I currently have the following csv writer class:
class csvwriter():
writer = None
writehandler = None
@classmethod
def open(cls,file):
cls.writehandler = open(file,'wb')
cls.writer = csv.writer(cls.writehandler, delimiter=',',quotechar='"', quoting=csv.QUOTE_NONNUMERIC)
@classmethod
def write(cls,arr):
cls.writer.writerow(arr)
@classmethod
def close(cls):
cls.writehandler.close()
which can generate proper csv files without ever having to store the full array in memory at a single time.
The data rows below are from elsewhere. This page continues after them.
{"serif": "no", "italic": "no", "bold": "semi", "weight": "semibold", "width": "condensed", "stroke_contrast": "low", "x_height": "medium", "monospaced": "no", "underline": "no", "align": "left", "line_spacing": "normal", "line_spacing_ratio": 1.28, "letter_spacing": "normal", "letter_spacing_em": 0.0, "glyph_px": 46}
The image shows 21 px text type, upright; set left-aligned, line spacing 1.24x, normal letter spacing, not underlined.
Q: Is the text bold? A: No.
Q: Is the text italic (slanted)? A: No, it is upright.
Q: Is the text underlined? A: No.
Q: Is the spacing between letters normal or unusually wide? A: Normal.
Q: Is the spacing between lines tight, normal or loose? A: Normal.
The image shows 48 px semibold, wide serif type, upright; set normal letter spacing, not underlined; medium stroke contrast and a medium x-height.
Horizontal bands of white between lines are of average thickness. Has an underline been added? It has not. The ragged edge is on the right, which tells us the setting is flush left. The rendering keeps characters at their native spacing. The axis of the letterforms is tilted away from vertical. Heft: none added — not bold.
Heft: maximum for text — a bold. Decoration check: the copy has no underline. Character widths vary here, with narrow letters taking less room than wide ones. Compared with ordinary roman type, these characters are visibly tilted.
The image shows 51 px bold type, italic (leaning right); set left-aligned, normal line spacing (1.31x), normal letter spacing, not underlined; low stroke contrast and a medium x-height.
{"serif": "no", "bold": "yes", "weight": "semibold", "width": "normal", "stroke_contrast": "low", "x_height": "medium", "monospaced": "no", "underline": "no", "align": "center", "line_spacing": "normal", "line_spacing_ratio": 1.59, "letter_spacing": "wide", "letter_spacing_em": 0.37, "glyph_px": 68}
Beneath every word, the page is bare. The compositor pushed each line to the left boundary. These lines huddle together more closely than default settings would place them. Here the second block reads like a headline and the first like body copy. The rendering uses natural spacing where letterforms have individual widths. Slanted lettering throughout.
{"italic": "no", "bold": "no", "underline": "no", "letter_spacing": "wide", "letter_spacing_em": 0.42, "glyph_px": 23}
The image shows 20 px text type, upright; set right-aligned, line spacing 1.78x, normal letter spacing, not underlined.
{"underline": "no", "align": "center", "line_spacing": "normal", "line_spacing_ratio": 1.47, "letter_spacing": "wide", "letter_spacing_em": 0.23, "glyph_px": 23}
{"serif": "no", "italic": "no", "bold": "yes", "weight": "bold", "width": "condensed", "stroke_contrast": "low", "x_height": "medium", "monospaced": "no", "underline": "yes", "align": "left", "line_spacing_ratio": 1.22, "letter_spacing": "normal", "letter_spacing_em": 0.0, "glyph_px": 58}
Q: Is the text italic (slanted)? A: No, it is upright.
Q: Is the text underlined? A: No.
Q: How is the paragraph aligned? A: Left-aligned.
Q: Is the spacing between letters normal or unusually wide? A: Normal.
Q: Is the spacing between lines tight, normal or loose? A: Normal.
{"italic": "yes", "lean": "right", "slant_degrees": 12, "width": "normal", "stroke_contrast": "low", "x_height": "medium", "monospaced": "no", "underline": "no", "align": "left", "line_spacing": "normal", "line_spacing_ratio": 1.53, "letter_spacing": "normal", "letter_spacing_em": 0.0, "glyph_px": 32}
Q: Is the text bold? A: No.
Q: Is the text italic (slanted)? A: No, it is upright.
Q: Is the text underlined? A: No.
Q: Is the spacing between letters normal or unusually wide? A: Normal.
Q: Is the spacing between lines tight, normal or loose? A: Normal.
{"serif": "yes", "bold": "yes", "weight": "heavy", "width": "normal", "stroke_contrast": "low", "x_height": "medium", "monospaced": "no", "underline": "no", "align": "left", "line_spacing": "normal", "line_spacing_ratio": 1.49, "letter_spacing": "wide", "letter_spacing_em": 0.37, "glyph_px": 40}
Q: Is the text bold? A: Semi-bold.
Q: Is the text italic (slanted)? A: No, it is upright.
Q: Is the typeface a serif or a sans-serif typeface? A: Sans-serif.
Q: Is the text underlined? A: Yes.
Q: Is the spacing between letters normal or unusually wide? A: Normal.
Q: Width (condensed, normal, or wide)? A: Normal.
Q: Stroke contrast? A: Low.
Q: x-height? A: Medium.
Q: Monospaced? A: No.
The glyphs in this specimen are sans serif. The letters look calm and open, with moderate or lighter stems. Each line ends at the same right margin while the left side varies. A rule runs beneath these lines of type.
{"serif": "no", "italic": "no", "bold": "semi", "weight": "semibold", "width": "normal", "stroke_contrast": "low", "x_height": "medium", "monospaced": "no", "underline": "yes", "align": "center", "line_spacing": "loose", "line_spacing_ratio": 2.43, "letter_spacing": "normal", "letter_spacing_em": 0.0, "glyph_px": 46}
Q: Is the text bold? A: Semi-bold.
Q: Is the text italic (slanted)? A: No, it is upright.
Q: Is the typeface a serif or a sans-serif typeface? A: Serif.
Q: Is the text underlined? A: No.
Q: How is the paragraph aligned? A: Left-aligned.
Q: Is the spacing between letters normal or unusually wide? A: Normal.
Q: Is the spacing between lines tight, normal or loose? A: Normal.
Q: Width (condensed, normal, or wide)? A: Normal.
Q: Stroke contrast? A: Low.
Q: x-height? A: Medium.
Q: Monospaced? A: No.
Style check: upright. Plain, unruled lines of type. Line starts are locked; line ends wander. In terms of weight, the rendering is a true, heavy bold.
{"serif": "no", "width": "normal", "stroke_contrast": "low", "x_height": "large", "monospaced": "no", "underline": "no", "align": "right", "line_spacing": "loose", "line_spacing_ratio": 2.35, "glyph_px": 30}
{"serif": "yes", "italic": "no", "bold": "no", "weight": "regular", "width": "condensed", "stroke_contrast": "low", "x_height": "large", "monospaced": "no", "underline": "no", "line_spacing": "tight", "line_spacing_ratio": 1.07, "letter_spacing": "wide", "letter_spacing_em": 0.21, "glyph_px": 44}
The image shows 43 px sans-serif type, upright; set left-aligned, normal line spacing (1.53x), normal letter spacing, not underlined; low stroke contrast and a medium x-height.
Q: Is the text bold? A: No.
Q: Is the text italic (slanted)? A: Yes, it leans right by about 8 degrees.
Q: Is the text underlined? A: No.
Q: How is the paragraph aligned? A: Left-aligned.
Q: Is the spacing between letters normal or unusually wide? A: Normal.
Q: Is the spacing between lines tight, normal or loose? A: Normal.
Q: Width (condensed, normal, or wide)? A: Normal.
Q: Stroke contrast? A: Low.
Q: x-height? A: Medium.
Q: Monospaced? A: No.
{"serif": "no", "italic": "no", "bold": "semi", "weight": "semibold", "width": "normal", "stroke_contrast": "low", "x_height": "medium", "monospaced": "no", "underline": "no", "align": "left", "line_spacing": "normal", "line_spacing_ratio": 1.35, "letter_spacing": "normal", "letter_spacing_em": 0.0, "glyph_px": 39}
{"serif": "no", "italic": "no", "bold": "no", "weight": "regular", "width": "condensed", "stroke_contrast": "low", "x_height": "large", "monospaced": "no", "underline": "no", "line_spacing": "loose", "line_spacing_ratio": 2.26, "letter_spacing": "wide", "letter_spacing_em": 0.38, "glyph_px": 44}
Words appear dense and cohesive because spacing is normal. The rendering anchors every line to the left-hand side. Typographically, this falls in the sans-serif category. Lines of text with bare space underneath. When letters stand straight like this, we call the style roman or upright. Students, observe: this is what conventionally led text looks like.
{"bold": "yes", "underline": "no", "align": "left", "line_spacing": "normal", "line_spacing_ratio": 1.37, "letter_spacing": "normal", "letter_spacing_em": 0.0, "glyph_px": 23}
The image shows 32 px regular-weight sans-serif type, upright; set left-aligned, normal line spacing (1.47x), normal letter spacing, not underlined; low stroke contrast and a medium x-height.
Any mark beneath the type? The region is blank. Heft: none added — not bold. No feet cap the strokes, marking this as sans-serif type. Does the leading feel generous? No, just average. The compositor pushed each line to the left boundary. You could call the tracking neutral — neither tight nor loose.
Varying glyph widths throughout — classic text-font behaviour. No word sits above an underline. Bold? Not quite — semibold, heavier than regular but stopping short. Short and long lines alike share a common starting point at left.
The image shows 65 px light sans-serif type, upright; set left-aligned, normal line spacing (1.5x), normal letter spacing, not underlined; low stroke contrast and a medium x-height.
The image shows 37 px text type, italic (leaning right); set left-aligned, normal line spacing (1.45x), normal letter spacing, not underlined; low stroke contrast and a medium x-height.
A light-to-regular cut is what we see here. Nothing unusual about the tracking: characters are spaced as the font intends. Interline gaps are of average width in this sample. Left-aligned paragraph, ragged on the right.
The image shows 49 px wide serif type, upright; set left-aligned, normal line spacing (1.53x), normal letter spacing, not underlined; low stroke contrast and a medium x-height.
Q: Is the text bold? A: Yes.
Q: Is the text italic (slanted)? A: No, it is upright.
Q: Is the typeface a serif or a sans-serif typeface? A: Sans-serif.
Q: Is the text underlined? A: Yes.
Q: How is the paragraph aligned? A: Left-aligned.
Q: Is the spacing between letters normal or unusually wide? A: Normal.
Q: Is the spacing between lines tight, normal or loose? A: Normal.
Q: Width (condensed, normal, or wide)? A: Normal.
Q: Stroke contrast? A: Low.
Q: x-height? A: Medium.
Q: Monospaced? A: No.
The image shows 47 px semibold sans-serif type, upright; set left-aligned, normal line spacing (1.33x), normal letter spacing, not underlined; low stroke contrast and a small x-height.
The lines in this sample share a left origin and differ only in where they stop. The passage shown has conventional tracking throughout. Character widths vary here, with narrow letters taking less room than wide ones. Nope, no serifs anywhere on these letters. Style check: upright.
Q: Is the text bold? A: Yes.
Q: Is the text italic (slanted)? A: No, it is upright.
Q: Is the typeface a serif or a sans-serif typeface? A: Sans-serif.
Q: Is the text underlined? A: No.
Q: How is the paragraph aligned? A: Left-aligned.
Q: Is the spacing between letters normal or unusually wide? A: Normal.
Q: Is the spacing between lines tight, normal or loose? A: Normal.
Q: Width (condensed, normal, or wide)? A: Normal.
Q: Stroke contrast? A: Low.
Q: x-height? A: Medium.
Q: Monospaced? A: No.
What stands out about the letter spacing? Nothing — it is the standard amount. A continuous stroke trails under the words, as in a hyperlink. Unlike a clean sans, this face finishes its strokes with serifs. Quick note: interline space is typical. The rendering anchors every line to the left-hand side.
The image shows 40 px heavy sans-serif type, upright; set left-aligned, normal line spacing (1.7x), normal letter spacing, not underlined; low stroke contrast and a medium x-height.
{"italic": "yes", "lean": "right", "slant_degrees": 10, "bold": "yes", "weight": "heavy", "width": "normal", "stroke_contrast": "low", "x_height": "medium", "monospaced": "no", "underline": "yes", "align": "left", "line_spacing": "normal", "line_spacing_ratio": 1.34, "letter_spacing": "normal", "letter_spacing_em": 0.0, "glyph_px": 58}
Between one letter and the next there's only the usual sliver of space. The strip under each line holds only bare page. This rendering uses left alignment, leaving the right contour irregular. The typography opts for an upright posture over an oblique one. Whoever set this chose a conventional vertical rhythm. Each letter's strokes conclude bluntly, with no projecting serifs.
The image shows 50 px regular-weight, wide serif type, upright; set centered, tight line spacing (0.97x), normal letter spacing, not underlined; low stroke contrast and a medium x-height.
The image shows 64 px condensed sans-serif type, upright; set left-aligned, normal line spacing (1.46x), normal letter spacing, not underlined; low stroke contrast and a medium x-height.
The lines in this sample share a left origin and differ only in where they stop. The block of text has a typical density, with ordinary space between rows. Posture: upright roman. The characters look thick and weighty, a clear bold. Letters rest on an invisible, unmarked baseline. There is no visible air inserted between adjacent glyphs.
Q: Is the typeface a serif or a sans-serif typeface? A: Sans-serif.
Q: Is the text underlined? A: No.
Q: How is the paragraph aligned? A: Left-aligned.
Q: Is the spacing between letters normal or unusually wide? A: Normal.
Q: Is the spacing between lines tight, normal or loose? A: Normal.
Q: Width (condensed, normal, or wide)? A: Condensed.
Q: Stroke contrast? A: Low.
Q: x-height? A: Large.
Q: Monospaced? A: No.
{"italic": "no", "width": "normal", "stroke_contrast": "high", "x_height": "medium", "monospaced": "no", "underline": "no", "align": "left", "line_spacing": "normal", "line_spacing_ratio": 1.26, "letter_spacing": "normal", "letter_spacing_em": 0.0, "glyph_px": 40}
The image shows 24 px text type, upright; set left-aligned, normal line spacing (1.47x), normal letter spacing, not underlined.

However, the files created through use of this code can be quite large, so I'm looking to compress them, rather than writing them uncompressed. (In order to save on disk usage). I can't effectively store the file in memory either, as I'm expecting files of well over 20gb to be a regular occurence.
The recipients of the resulting files are generally not sysadmins of their PCs, nor do they all use linux, so I'm constrained in the types of algorithms I'm able to use for this task. Preferably, the solution would use a compression scheme that's natively readable (no executables required) in Windows, OSX and any linux distribution.
I've found gzip provides a very handy interface in Python, but reading gzipped files in windows seems like quite a hassle.. Ideally I'd put them in a zip archive, but zip archive don't allow you to append data to files already present in the archive, which then forces me to store the whole file in memory, or write the data away to several smaller files that I would be able to fit in memory.
My question: Is there a solution that would benefit from the best of both worlds? Widespread availability of tools to read the target format on the end-user's machine, and also the ability to append, rather than write the whole file in one go?
Thanks in advance for your consideration!